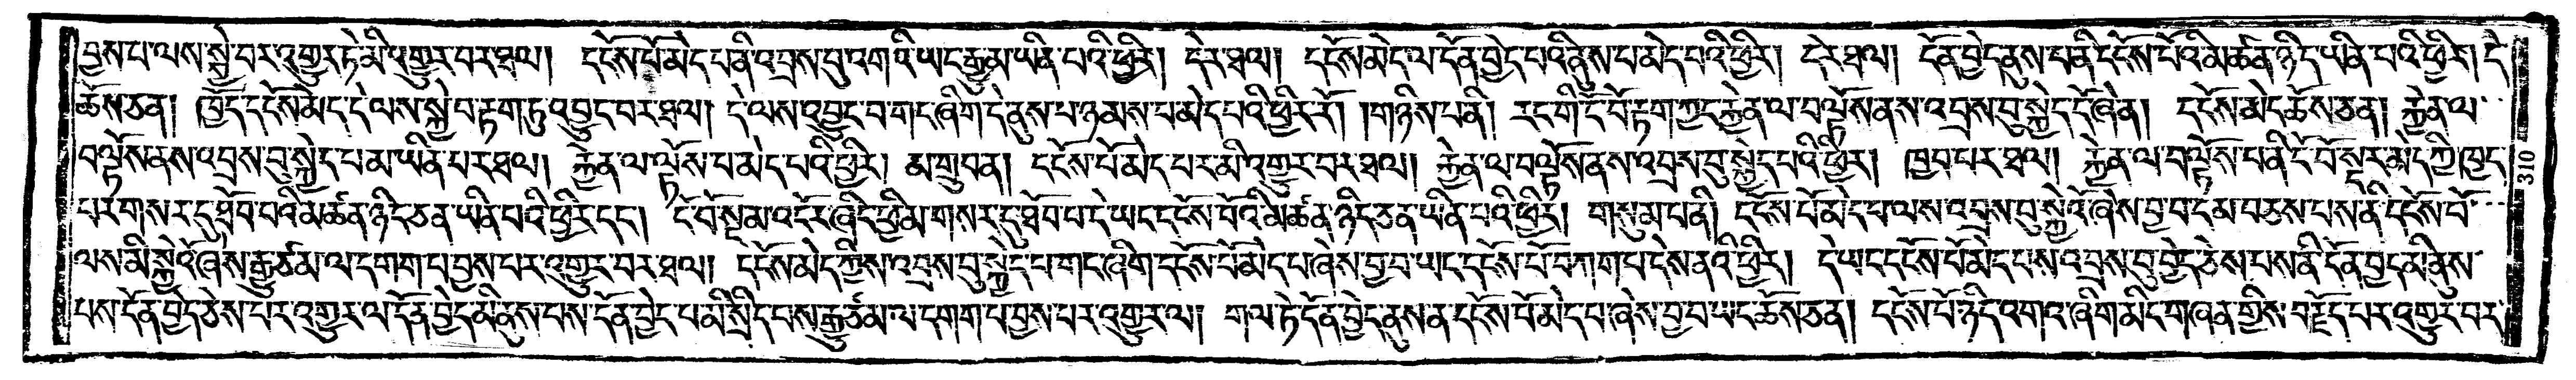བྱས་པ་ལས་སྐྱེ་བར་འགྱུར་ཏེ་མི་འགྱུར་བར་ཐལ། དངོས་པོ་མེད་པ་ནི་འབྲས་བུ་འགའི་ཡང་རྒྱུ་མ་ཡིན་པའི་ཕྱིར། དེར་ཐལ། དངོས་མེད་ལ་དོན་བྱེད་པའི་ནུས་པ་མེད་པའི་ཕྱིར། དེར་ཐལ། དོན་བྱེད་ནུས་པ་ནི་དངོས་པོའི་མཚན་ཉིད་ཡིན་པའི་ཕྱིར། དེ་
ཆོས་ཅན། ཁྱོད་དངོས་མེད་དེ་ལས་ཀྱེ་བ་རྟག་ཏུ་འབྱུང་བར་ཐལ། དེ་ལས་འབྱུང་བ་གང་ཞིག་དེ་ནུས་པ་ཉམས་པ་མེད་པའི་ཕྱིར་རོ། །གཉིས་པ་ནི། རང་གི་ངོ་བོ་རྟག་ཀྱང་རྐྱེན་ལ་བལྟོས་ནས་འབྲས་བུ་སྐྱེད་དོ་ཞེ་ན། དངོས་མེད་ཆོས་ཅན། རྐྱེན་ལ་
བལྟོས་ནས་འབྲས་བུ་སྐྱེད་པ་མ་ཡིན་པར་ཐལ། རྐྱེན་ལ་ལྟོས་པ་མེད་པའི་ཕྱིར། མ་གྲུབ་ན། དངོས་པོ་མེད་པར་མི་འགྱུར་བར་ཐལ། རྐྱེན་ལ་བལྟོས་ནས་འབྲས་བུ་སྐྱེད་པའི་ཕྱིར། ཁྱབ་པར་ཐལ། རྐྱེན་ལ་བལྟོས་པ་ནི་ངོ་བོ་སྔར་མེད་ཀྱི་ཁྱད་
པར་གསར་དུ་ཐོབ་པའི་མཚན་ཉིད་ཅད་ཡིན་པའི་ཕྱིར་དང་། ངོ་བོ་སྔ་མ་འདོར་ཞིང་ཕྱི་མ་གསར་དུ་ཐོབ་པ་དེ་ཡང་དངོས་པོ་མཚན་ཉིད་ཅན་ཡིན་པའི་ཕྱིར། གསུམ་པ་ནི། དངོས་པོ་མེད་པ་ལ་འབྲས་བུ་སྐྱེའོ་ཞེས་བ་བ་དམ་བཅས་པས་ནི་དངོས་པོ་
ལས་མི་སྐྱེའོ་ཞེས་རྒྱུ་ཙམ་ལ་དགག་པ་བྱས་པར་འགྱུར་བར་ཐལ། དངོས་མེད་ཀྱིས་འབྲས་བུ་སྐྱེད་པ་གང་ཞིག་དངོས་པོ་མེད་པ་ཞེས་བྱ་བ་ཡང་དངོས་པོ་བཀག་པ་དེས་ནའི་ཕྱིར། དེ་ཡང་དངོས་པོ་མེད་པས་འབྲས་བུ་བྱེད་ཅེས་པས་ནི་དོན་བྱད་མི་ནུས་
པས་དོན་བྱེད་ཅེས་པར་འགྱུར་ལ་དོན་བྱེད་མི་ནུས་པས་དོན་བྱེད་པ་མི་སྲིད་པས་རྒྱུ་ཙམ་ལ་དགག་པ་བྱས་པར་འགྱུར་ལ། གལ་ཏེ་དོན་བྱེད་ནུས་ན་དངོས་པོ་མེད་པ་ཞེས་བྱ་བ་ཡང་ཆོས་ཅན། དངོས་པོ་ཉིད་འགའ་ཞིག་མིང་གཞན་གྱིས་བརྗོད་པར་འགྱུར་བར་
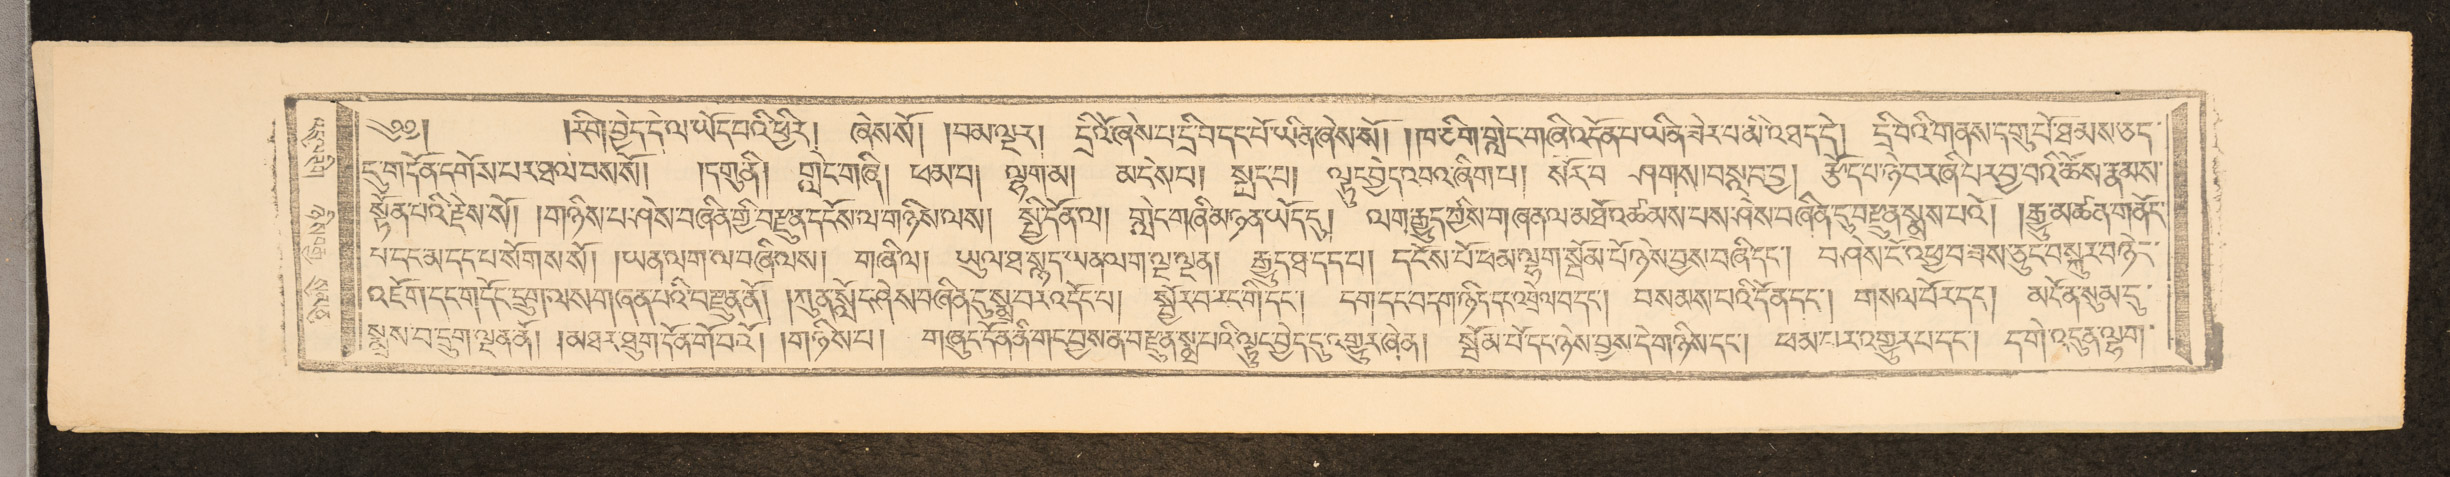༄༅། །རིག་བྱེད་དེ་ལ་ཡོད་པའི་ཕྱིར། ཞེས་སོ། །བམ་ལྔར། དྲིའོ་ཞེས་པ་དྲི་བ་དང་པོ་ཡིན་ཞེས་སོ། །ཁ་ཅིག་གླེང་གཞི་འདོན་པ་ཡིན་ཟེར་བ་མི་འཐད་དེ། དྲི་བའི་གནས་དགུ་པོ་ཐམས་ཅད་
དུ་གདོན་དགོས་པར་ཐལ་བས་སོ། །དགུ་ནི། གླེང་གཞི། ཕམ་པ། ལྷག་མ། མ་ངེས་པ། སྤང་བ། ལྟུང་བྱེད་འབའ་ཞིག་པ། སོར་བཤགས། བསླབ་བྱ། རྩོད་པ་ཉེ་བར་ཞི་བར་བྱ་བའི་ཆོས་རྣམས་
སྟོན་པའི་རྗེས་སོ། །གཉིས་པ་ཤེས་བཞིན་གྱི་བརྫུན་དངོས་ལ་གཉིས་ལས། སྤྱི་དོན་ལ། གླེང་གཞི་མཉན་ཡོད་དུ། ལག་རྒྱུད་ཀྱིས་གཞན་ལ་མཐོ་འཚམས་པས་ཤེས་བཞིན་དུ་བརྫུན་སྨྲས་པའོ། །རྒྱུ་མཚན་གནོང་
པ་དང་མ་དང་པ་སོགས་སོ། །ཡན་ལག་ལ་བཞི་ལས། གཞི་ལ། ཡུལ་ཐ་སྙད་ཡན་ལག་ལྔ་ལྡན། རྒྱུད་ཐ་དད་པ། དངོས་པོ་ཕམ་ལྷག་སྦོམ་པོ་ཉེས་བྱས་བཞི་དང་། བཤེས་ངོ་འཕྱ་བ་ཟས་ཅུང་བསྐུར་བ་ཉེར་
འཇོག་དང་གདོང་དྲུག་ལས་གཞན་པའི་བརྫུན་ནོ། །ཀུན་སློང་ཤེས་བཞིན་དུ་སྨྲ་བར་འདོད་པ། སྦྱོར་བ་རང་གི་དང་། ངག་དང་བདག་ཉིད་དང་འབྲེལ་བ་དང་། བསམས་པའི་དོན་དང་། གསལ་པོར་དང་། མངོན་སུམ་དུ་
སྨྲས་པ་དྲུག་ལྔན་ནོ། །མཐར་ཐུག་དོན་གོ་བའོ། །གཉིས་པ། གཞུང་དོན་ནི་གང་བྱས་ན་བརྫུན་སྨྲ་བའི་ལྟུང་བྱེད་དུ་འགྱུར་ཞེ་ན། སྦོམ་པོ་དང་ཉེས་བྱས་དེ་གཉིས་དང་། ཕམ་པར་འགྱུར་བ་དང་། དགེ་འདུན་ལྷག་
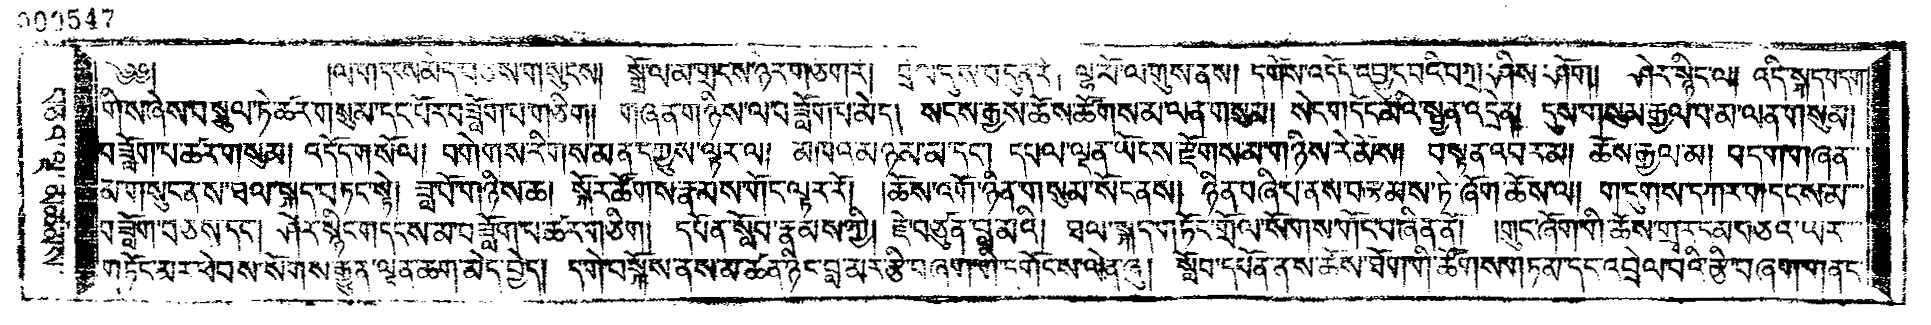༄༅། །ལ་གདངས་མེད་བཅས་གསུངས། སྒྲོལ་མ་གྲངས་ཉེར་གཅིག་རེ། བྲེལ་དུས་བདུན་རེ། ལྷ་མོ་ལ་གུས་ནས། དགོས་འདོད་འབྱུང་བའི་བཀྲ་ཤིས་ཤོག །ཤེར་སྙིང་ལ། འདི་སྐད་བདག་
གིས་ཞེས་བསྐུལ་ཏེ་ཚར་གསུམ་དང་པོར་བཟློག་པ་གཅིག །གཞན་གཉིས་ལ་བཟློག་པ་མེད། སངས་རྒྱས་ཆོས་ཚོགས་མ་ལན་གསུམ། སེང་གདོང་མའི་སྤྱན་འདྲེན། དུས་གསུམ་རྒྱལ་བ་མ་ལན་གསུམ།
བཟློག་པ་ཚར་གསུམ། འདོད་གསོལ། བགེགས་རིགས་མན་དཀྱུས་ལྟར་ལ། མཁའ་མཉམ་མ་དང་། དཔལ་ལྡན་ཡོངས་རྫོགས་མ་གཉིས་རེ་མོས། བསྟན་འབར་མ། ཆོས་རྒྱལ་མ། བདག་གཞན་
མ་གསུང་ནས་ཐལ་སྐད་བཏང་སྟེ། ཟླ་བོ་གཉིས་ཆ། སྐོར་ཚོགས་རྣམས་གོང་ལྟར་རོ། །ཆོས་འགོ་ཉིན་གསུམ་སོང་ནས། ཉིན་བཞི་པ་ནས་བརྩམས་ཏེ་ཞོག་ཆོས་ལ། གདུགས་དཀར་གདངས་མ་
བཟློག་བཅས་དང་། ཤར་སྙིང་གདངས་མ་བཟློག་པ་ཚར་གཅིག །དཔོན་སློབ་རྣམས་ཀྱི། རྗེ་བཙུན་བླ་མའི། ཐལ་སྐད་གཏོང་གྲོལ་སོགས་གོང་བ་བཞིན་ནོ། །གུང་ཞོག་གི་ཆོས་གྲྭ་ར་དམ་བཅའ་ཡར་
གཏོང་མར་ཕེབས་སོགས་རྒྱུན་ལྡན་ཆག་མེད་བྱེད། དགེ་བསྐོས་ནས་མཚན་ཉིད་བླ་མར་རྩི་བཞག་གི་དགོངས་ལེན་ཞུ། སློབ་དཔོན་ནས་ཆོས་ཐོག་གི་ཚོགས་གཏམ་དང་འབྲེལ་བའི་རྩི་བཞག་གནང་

→ Your objective: Taking the material above, extract exactly and only the lines from the line with "བསམས་པའི་དོན་དང་། གསལ་པོར་དང་། མངོན་སུམ་དུ་" to the line with "སྨྲས་པ་དྲུག་ལྔན་ནོ། །མཐར་ཐུག་དོན་གོ་བའོ། །གཉིས་པ།", inclusive of both.

→ Result of the exercise:
འཇོག་དང་གདོང་དྲུག་ལས་གཞན་པའི་བརྫུན་ནོ། །ཀུན་སློང་ཤེས་བཞིན་དུ་སྨྲ་བར་འདོད་པ། སྦྱོར་བ་རང་གི་དང་། ངག་དང་བདག་ཉིད་དང་འབྲེལ་བ་དང་། བསམས་པའི་དོན་དང་། གསལ་པོར་དང་། མངོན་སུམ་དུ་
སྨྲས་པ་དྲུག་ལྔན་ནོ། །མཐར་ཐུག་དོན་གོ་བའོ། །གཉིས་པ། གཞུང་དོན་ནི་གང་བྱས་ན་བརྫུན་སྨྲ་བའི་ལྟུང་བྱེད་དུ་འགྱུར་ཞེ་ན། སྦོམ་པོ་དང་ཉེས་བྱས་དེ་གཉིས་དང་། ཕམ་པར་འགྱུར་བ་དང་། དགེ་འདུན་ལྷག་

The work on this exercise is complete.